### Required work
From first line to last, give the records again word for word and omit the pictures.

### Given data
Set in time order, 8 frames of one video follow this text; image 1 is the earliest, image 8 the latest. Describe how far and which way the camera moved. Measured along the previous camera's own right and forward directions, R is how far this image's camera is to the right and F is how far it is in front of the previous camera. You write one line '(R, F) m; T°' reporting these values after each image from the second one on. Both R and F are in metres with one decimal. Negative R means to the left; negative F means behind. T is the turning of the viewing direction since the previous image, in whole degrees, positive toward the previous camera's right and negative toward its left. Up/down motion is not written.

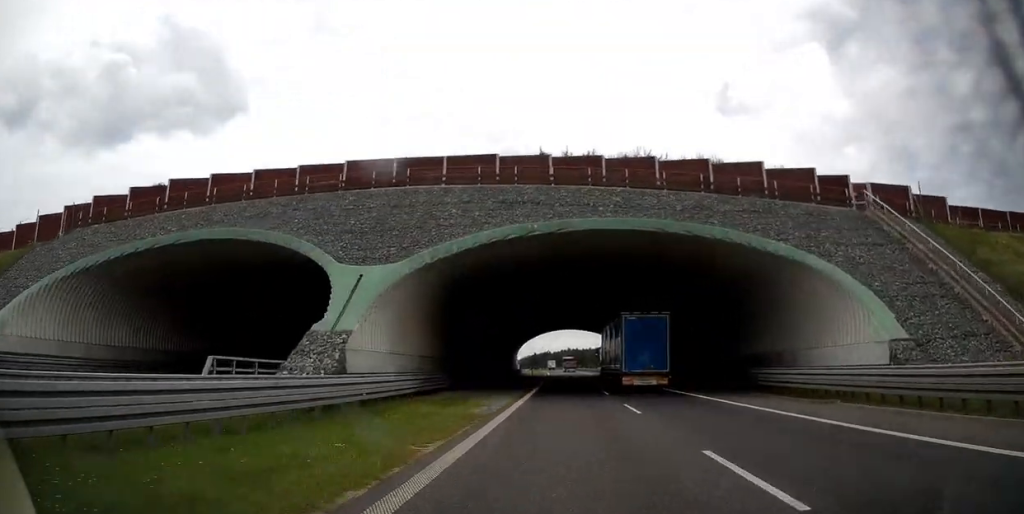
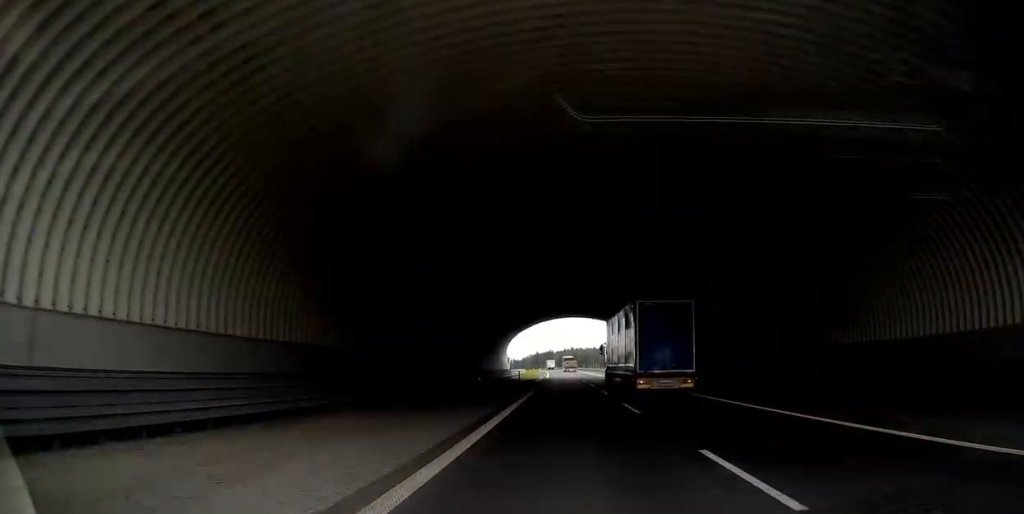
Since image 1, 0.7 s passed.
(0.0, +24.1) m; 0°
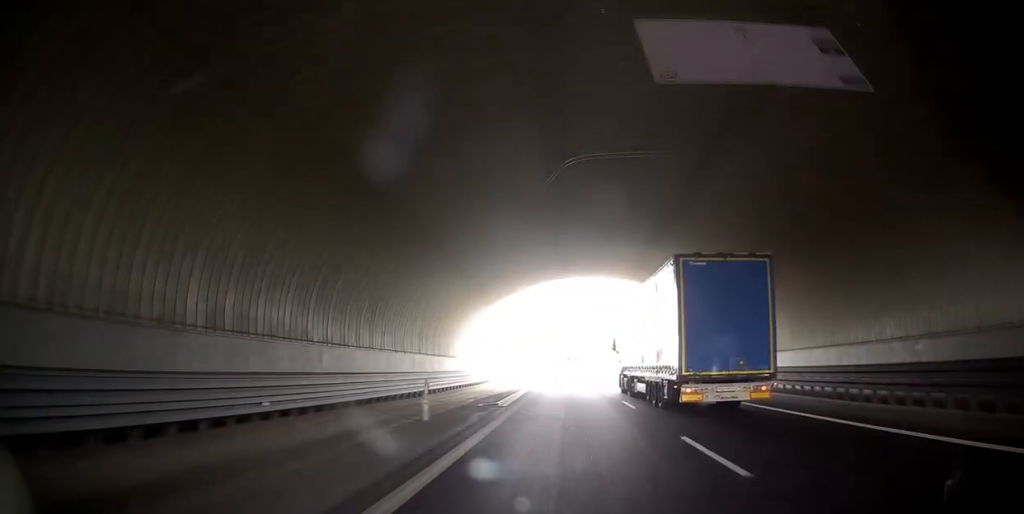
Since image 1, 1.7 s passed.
(0.0, +34.4) m; 0°
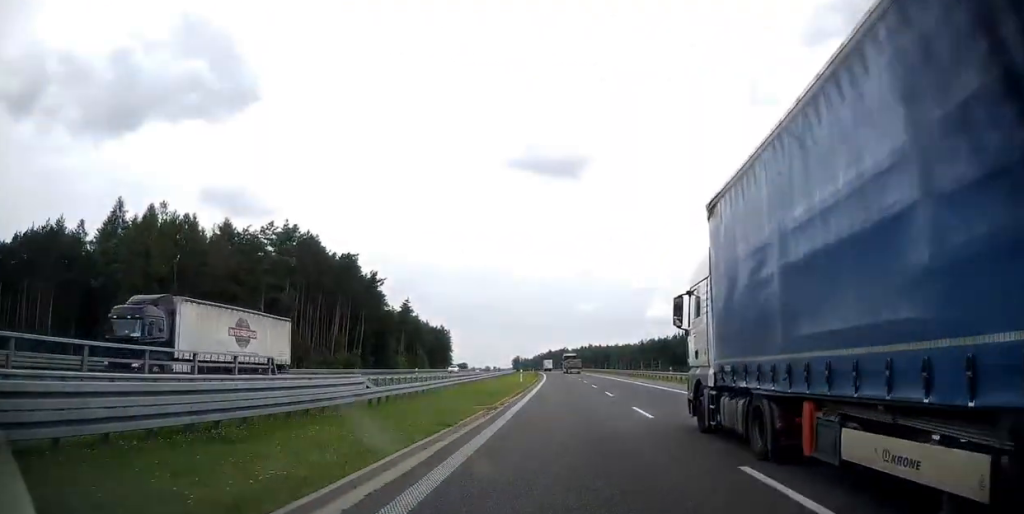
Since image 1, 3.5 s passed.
(0.0, +63.4) m; 0°
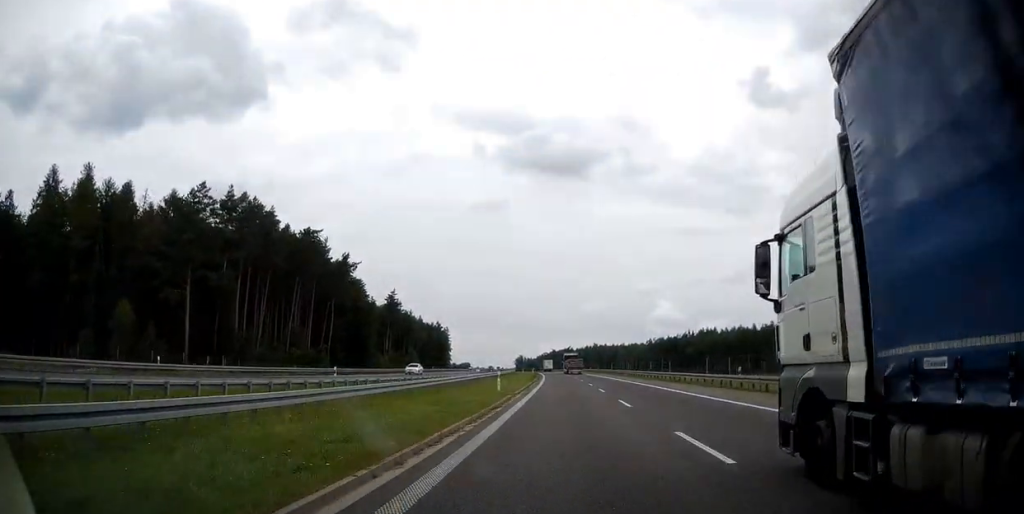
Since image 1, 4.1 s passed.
(-0.1, +19.7) m; 0°
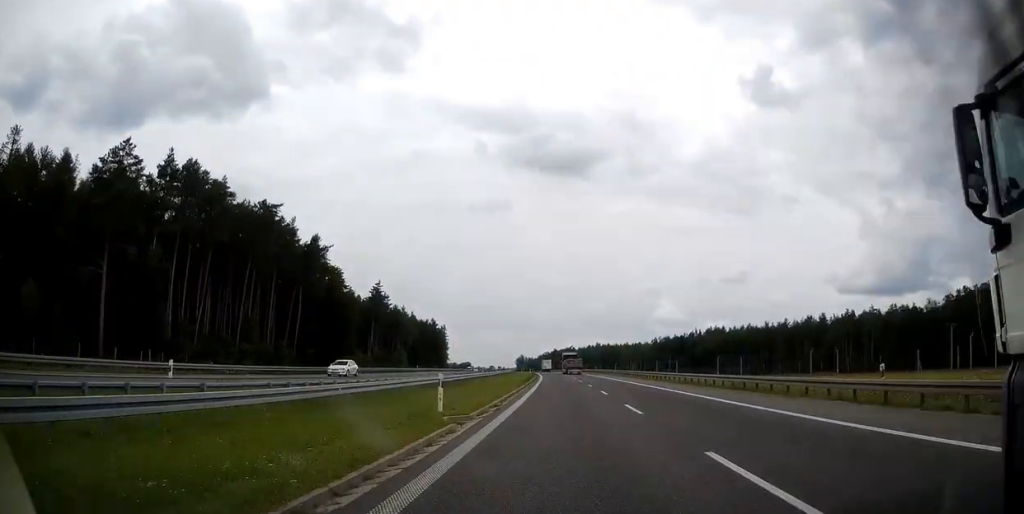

### Finished task
Set in time order, 8 frames of one video follow this text; image 1 is the earliest, image 8 the latest. Describe how far and which way the camera moved. Measured along the previous camera's own right and forward directions, R is how far this image's camera is to the right and F is how far it is in front of the previous camera. You write one line '(R, F) m; T°' reporting these values after each image from the second one on. Both R and F are in metres with one decimal. Negative R means to the left; negative F means behind. T is the turning of the viewing direction since the previous image, in whole degrees, positive toward the previous camera's right and negative toward its left. Up/down motion is not written.

Since image 1, 0.7 s passed.
(0.0, +24.1) m; 0°
Since image 1, 1.7 s passed.
(0.0, +34.4) m; 0°
Since image 1, 3.5 s passed.
(0.0, +63.4) m; 0°
Since image 1, 4.1 s passed.
(-0.1, +19.7) m; 0°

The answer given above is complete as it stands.